- Company Name
- SimCorp
- Job Title
- Lead Site Reliability Engineer
- Job Description
-
**Job Title:** Lead Site Reliability Engineer
**Role Summary:**
Lead the design, implementation, and operation of reliability, scalability, and performance strategies for cloud-based products. Drive end‑to‑end SRE practices across product teams, automate infrastructure, and manage incident response while mentoring junior engineers.
**Expectations:**
- 5–8+ years in SRE or cloud infrastructure leadership, preferably with financial technology exposure.
- Deep experience with Microsoft Azure, Azure DevOps, Kubernetes, Docker, and CI/CD pipelines.
- Proven track record of building monitoring, alerting, and self‑healing systems, including machine‑learning anomaly detection.
- Strong incident‑management and root‑cause‑analysis skills following ITIL principles.
- Ability to lead technical teams, mentor engineers, and influence architecture decisions.
**Key Responsibilities:**
- Architect and deploy SRE solutions (monitoring, alerting, anomaly detection, self‑healing, reliability testing).
- Design capacity‑planning, resource‑management, and automation initiatives for systems and pipelines.
- Collaborate with product development to optimize application performance and infrastructure.
- Manage on‑call rotations, leading incident response, troubleshooting outages, and documenting procedures.
- Promote continuous improvement, best practices in change management, observability, and operational excellence.
- Mentor junior SREs and cultivate a culture of knowledge sharing.
**Required Skills:**
- Microsoft Azure production‑grade design and operations.
- Infrastructure‑as‑Code: Bicep, Terraform, ARM, Ansible.

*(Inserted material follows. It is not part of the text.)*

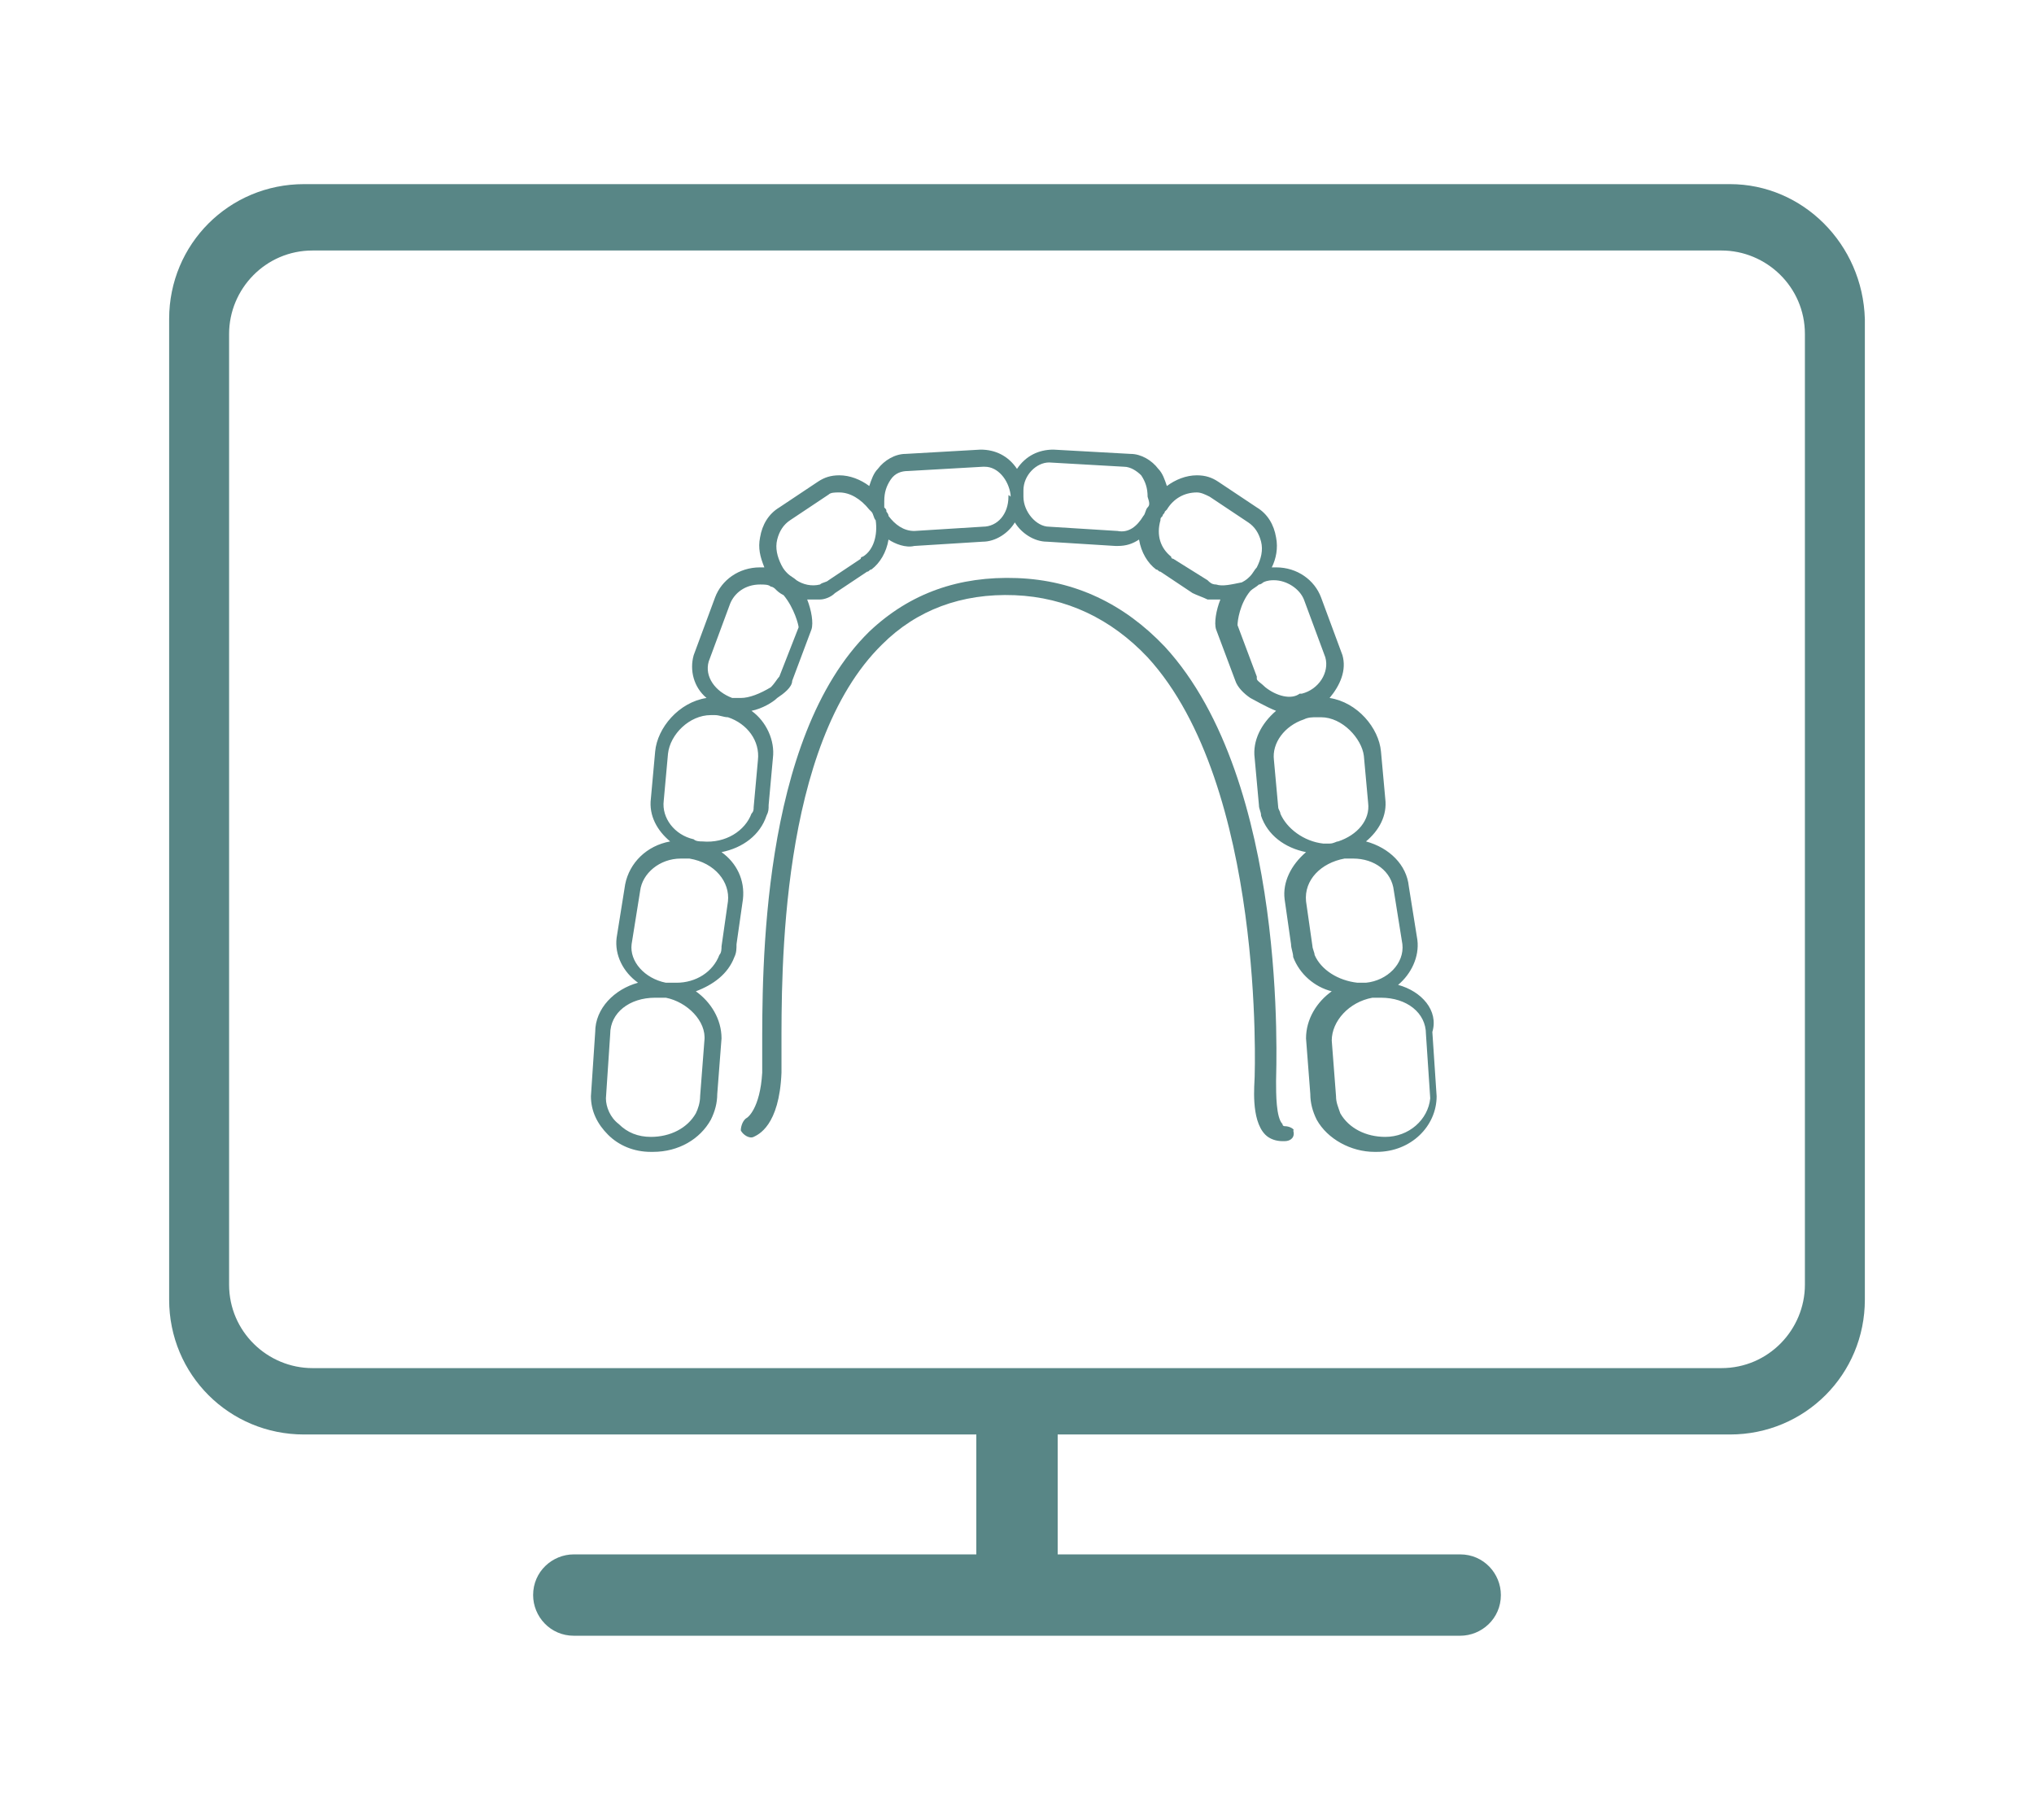 <?xml version="1.0" encoding="utf-8" ?><svg enable-background="new 0 0 95 85" height="85" viewBox="0 0 95 85" width="95" xmlns="http://www.w3.org/2000/svg"><g fill="#588686"><path d="m65.3 46c.6-.5 1-1.3.9-2.1l-.4-2.5c-.1-1-.9-1.8-2-2.1.6-.5 1-1.2.9-2l-.2-2.2c-.1-1.1-1.1-2.3-2.4-2.5.5-.6.8-1.3.6-2l-1-2.7c-.3-.8-1.1-1.4-2.1-1.4-.1 0-.1 0-.2 0 .2-.4.3-.9.2-1.4-.1-.6-.4-1.1-.9-1.4l-1.8-1.2c-.3-.2-.6-.3-1-.3-.5 0-1 .2-1.4.5-.1-.3-.2-.6-.4-.8-.3-.4-.8-.7-1.3-.7l-3.6-.2c-.7 0-1.3.3-1.7.9-.4-.6-1-.9-1.7-.9l-3.5.2c-.5 0-1 .3-1.3.7-.2.2-.3.5-.4.8-.4-.3-.9-.5-1.4-.5-.4 0-.7.1-1 .3l-1.8 1.2c-.5.3-.8.8-.9 1.4-.1.5 0 .9.2 1.4-.1 0-.1 0-.2 0-1 0-1.8.6-2.1 1.4l-1 2.7c-.2.7 0 1.5.6 2-1.3.2-2.3 1.4-2.4 2.5l-.2 2.2c-.1.8.3 1.5.9 2-1.1.2-1.9 1-2.1 2l-.4 2.5c-.1.8.3 1.6 1 2.1-1.1.3-2 1.2-2 2.3l-.2 3c0 .7.3 1.3.8 1.8s1.2.8 2 .8h.1c1.2 0 2.2-.6 2.7-1.5.2-.4.3-.8.3-1.2l.2-2.6c0-.9-.5-1.7-1.2-2.2.8-.3 1.5-.8 1.8-1.6.1-.2.1-.4.1-.6l.3-2.1c.1-.9-.3-1.7-1-2.2 1-.2 1.8-.8 2.1-1.7.1-.2.1-.3.1-.5l.2-2.2c.1-.8-.3-1.7-1-2.2.5-.1 1-.4 1.2-.6.3-.2.7-.5.7-.8l.9-2.4c.1-.3 0-.9-.2-1.4h.2.4c.2 0 .5-.1.7-.3l1.5-1c.1 0 .1-.1.2-.1.4-.3.7-.8.8-1.4.3.2.8.4 1.2.3l3.2-.2c.6 0 1.2-.4 1.5-.9.3.5.9.9 1.5.9l3.2.2h.1c.4 0 .7-.1 1-.3.1.6.4 1.1.8 1.4.1 0 .1.1.2.1l1.5 1c.2.1.5.2.7.3h.4.2c-.2.5-.3 1.1-.2 1.4l.9 2.4c.1.3.4.6.7.8.2.1.7.4 1.2.6-.7.6-1.1 1.4-1 2.2l.2 2.2c0 .2.1.3.1.5.3.9 1.1 1.5 2.1 1.7-.7.6-1.1 1.4-1 2.2l.3 2.1c0 .2.1.4.1.6.3.8 1 1.4 1.8 1.6-.7.5-1.2 1.3-1.2 2.2l.2 2.6c0 .4.1.8.3 1.2.5.9 1.6 1.5 2.7 1.5h.1c1.6 0 2.8-1.2 2.8-2.6l-.2-3c.3-1-.5-1.9-1.6-2.2zm-32.4 2.6-.2 2.6c0 .3-.1.6-.2.8-.4.7-1.2 1.1-2.1 1.1-.6 0-1.1-.2-1.5-.6-.4-.3-.6-.8-.6-1.2l.2-3c0-1 .9-1.7 2.1-1.7h.1.4c1 .2 1.9 1.1 1.8 2zm1.1-6.5-.3 2.1c0 .1 0 .3-.1.4-.3.8-1.1 1.3-2 1.3-.1 0-.2 0-.3 0s-.1 0-.2 0c-1-.2-1.7-1-1.6-1.8l.4-2.5c.1-.8.9-1.5 1.9-1.5h.2.2c1.2.2 1.9 1.1 1.8 2zm1.4-6.6-.2 2.2c0 .1 0 .2-.1.3-.3.8-1.2 1.4-2.3 1.3-.1 0-.3 0-.4-.1-.9-.2-1.5-1-1.4-1.8l.2-2.2c.1-.9 1-1.8 2-1.8h.2c.2 0 .4.1.6.1.9.3 1.5 1.1 1.4 2zm1-3.9c-.1.1-.1.1 0 0-.1.1-.2.3-.4.5-.5.3-1 .5-1.4.5-.1 0-.2 0-.3 0 0 0 0 0-.1 0-.8-.3-1.3-1-1.1-1.7l1-2.7c.2-.5.7-.9 1.4-.9.2 0 .4 0 .5.1.1 0 .2.1.2.1.1.1.2.2.4.3.5.6.7 1.4.7 1.5zm3.9-5.6s-.1 0-.1.1l-1.5 1c-.1.1-.3.1-.4.2-.4.1-.8 0-1.1-.2-.1-.1-.3-.2-.4-.3s-.2-.2-.3-.4c-.2-.4-.3-.8-.2-1.2s.3-.7.6-.9l1.8-1.2c.1-.1.3-.1.5-.1.5 0 1 .3 1.4.8 0 0 .1.1.1.1.1.1.1.3.2.4.1.7-.1 1.4-.6 1.7zm6.8-2.8c0 .8-.5 1.4-1.2 1.4l-3.2.2c-.5 0-.9-.3-1.2-.7 0-.1-.1-.2-.1-.2 0-.1 0-.1-.1-.2 0-.1 0-.2 0-.3 0-.4.1-.7.3-1s.5-.4.8-.4l3.5-.2h.1c.6 0 1.1.6 1.2 1.3v.1c-.1-.1-.1-.1-.1 0zm6.5.5c-.1.1-.1.3-.2.4-.3.5-.7.8-1.2.7l-3.2-.2c-.6 0-1.2-.7-1.2-1.4 0 0 0 0 0-.1 0 0 0 0 0-.1 0 0 0 0 0-.1 0-.7.6-1.3 1.2-1.3l3.5.2c.3 0 .6.2.8.4.2.3.3.6.3 1 .1.3.1.4 0 .5zm3.2 3.6c-.2 0-.3-.1-.4-.2l-1.6-1s-.1 0-.1-.1c-.5-.4-.7-1-.5-1.7 0-.1 0-.1.1-.2 0-.1.1-.1.1-.2 0 0 .1-.1.1-.1.3-.5.8-.8 1.4-.8.2 0 .4.1.6.2l1.8 1.2c.3.2.5.5.6.9s0 .8-.2 1.2c-.1.1-.2.3-.3.4s-.2.2-.4.3c-.5.1-.9.2-1.2.1zm2.3 4.8c-.2-.2-.4-.3-.4-.4 0 0 0 0 0-.1l-.9-2.4c0-.2.1-1 .6-1.6.1-.1.3-.2.4-.3.1 0 .2-.1.2-.1.2-.1.4-.1.5-.1.6 0 1.2.4 1.4.9l1 2.7c.2.7-.3 1.5-1.1 1.7 0 0 0 0-.1 0-.4.3-1.1.1-1.6-.3zm.7 5.9c0-.1-.1-.2-.1-.3l-.2-2.2c-.1-.8.5-1.6 1.4-1.9.2-.1.4-.1.6-.1h.2c1 0 1.9 1 2 1.8l.2 2.2c.1.8-.5 1.5-1.4 1.8-.1 0-.2.1-.4.1-.1 0-.2 0-.3 0-.9-.1-1.7-.7-2-1.4zm1.6 6.6c0-.1-.1-.3-.1-.4l-.3-2.1c-.1-1 .7-1.8 1.8-2h.2.2c1 0 1.8.6 1.9 1.5l.4 2.5c.1.9-.7 1.7-1.7 1.8h-.1c-.1 0-.2 0-.3 0-.9-.1-1.7-.6-2-1.3zm3.3 8.5c-.9 0-1.7-.4-2.1-1.1-.1-.3-.2-.5-.2-.8l-.2-2.6c0-.9.8-1.8 1.9-2h.4c1.2 0 2.1.7 2.1 1.7l.2 3c-.1 1-1 1.8-2.1 1.8z"/><path d="m80.8 8.6h-66.6c-3.5 0-6.3 2.8-6.3 6.3v45.8c0 3.5 2.8 6.3 6.3 6.3h31.4v5.6h-18.8c-1 0-1.9.8-1.9 1.9 0 1 .8 1.9 1.9 1.9h41.4c1 0 1.9-.8 1.9-1.9 0-1-.8-1.9-1.9-1.9h-18.8v-5.6h31.4c3.5 0 6.3-2.8 6.3-6.3v-45.8c-.1-3.5-2.9-6.3-6.3-6.3zm3.5 51.4c0 2.1-1.7 3.9-3.9 3.9h-65.8c-2.1 0-3.9-1.7-3.9-3.9v-44.4c0-2.1 1.7-3.9 3.9-3.9h65.8c2.1 0 3.9 1.7 3.9 3.9z"/><path d="m60 52.6s-.1 0-.1-.1c-.3-.3-.3-1.4-.3-2s.6-14-5.2-20.3c-1.9-2-4.2-3.1-6.9-3.2s-5 .7-6.9 2.5c-5.1 5-5 16-5 19.6v1c-.1 1.7-.7 2.1-.7 2.1-.2.1-.3.4-.3.6.1.2.4.4.6.3s1.2-.5 1.3-3c0-.2 0-.6 0-1.1 0-3.5-.1-14.2 4.7-18.9 1.6-1.6 3.7-2.4 6.2-2.3 2.4.1 4.5 1.1 6.2 2.9 5.5 6 5 19.5 5 19.6 0 .3-.2 2 .5 2.7.2.2.5.3.8.3h.1c.3 0 .5-.2.4-.5.1 0-.1-.2-.4-.2z"/></g></svg>

- Monitoring & incident frameworks; experience with Azure Monitor, Prometheus, Grafana, etc.
- Kubernetes, Docker, CI/CD, API integration.
- Scripting (PowerShell, Bash, Python) and SQL; familiarity with Cosmos DB, MongoDB Atlas.
- ITIL knowledge (problem, change, incident management).
- Strong communication, collaboration, and leadership abilities.
**Required Education & Certifications:**
- Bachelor’s or Master’s degree in Computer Science or a related field.
- Certifications such as Microsoft Certified: Azure Solutions Architect Expert, Azure DevOps Engineer Expert, or equivalent are preferred.